'''

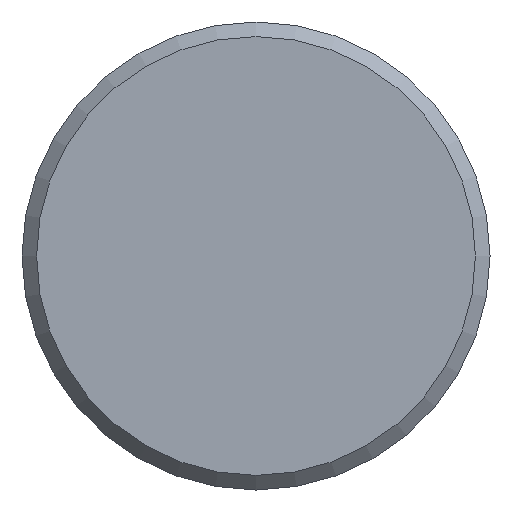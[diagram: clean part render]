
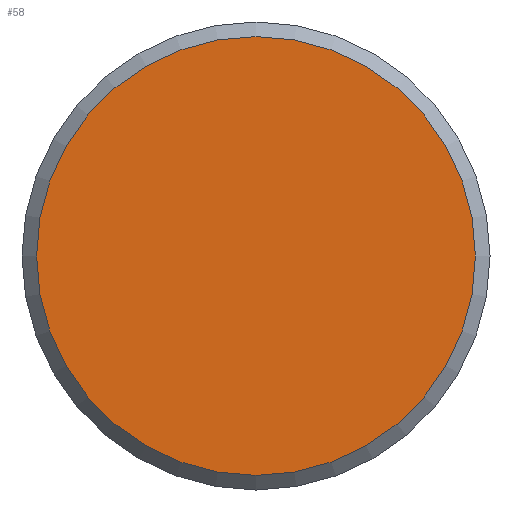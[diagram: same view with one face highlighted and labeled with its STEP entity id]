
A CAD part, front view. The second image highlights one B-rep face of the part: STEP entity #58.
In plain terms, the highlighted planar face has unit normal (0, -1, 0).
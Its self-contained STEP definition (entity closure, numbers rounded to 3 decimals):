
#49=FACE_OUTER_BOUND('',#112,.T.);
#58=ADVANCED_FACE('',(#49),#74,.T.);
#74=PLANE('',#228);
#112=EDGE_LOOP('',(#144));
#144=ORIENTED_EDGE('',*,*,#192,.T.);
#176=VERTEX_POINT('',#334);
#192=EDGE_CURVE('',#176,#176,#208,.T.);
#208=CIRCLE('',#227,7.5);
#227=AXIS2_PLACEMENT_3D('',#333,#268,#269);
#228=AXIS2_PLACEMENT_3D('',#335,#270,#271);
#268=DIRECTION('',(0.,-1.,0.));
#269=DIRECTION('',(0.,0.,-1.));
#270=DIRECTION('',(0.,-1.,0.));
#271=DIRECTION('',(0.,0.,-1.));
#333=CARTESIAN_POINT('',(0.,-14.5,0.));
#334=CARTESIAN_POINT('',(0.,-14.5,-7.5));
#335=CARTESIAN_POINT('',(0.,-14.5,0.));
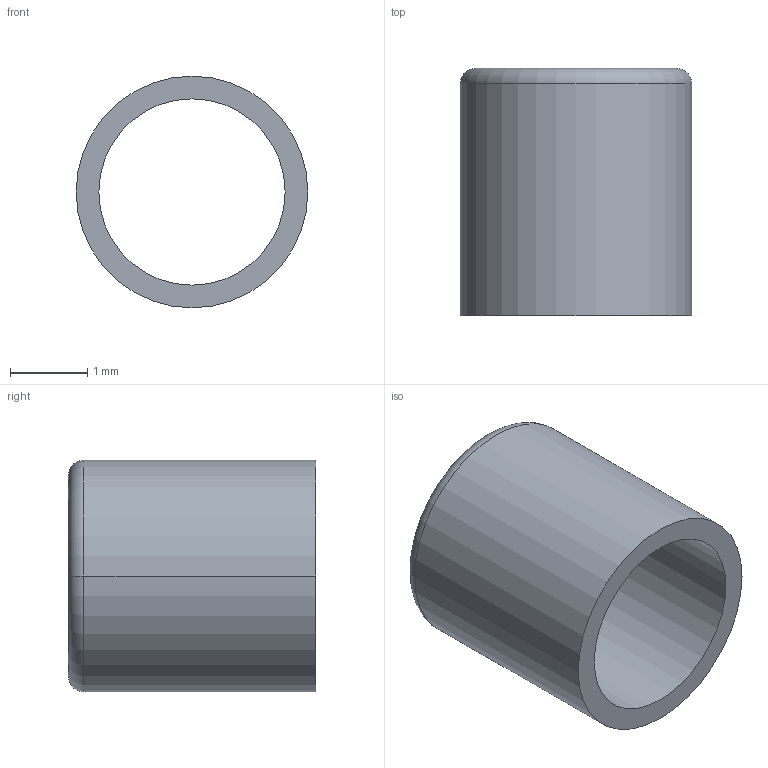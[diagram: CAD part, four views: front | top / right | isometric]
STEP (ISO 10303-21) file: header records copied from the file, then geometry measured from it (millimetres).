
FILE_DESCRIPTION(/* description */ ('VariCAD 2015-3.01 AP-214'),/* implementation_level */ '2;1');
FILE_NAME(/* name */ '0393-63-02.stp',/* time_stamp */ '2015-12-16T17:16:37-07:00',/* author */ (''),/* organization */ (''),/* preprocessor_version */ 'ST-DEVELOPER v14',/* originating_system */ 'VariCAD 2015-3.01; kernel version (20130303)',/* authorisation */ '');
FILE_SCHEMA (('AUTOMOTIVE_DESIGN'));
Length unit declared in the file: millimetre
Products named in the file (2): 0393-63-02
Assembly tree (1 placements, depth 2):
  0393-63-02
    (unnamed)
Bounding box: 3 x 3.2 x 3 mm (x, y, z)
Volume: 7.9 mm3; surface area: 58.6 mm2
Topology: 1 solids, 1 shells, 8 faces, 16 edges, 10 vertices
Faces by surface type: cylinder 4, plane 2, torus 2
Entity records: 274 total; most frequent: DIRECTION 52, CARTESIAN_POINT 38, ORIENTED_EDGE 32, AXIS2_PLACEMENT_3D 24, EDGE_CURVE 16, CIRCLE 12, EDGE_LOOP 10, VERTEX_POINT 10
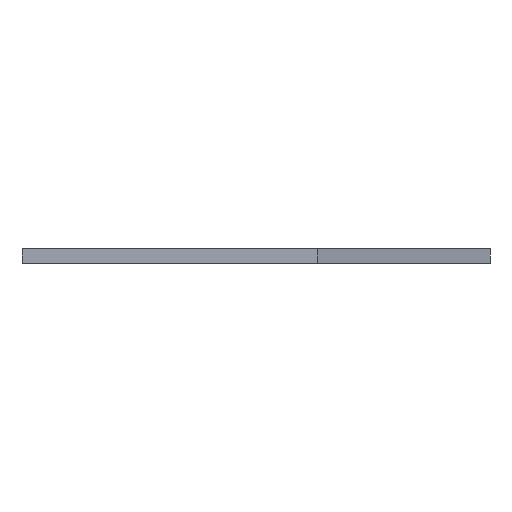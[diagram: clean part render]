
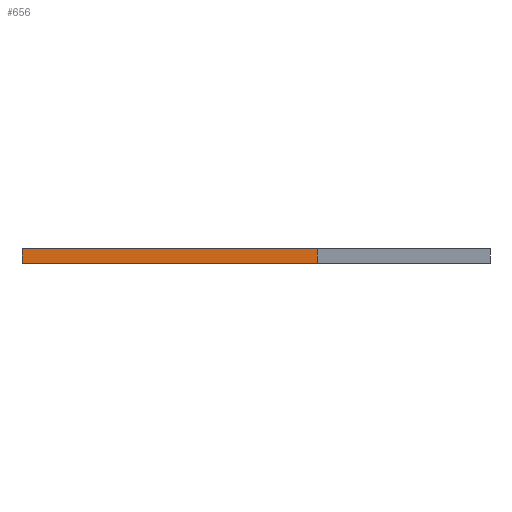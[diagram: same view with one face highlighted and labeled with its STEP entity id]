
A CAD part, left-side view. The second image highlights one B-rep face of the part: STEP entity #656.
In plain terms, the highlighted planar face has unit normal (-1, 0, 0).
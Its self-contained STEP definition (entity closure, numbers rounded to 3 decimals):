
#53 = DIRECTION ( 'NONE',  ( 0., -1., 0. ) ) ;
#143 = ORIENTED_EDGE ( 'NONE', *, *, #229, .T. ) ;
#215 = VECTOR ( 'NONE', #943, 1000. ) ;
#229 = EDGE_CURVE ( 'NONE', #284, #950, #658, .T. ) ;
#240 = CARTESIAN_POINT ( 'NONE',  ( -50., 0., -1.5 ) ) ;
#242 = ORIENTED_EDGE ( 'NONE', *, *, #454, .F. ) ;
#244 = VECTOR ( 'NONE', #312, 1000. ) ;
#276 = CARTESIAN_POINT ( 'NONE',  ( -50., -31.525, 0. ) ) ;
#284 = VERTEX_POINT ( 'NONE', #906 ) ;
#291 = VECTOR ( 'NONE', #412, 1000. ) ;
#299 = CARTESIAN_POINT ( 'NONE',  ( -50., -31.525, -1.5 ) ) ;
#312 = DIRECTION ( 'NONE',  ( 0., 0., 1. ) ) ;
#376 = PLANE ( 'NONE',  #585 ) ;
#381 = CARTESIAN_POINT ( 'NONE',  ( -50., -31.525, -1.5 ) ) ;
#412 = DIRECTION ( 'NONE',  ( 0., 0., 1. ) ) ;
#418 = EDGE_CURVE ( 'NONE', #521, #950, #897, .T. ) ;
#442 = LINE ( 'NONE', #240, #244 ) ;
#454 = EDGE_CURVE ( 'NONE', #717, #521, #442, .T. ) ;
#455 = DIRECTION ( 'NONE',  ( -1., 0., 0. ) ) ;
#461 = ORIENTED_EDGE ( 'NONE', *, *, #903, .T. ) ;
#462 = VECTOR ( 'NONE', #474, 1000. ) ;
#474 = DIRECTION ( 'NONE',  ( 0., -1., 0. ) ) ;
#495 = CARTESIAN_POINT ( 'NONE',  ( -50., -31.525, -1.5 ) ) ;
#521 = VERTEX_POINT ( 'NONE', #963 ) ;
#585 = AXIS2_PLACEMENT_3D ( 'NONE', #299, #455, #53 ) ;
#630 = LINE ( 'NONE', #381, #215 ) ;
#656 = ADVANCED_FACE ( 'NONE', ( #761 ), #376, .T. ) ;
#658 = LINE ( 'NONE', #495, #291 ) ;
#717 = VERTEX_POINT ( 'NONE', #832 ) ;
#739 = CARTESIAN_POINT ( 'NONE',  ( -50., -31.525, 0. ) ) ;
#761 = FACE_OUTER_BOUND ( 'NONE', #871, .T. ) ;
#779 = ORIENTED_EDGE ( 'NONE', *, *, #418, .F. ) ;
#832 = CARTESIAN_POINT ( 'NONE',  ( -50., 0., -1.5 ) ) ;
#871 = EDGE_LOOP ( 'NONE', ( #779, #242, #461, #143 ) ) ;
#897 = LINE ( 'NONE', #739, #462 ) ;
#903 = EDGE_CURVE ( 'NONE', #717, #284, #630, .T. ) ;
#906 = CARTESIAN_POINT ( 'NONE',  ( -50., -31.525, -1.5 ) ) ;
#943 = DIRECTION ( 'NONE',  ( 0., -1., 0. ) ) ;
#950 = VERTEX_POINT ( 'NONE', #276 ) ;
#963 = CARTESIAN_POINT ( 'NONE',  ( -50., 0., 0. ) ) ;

'''

* [TASK ITEM]:
Look through the data above. Each line containing the word "VECTOR" needs to be copied.

* [ANSWER SPACE]:
#215 = VECTOR ( 'NONE', #943, 1000. ) ;
#244 = VECTOR ( 'NONE', #312, 1000. ) ;
#291 = VECTOR ( 'NONE', #412, 1000. ) ;
#462 = VECTOR ( 'NONE', #474, 1000. ) ;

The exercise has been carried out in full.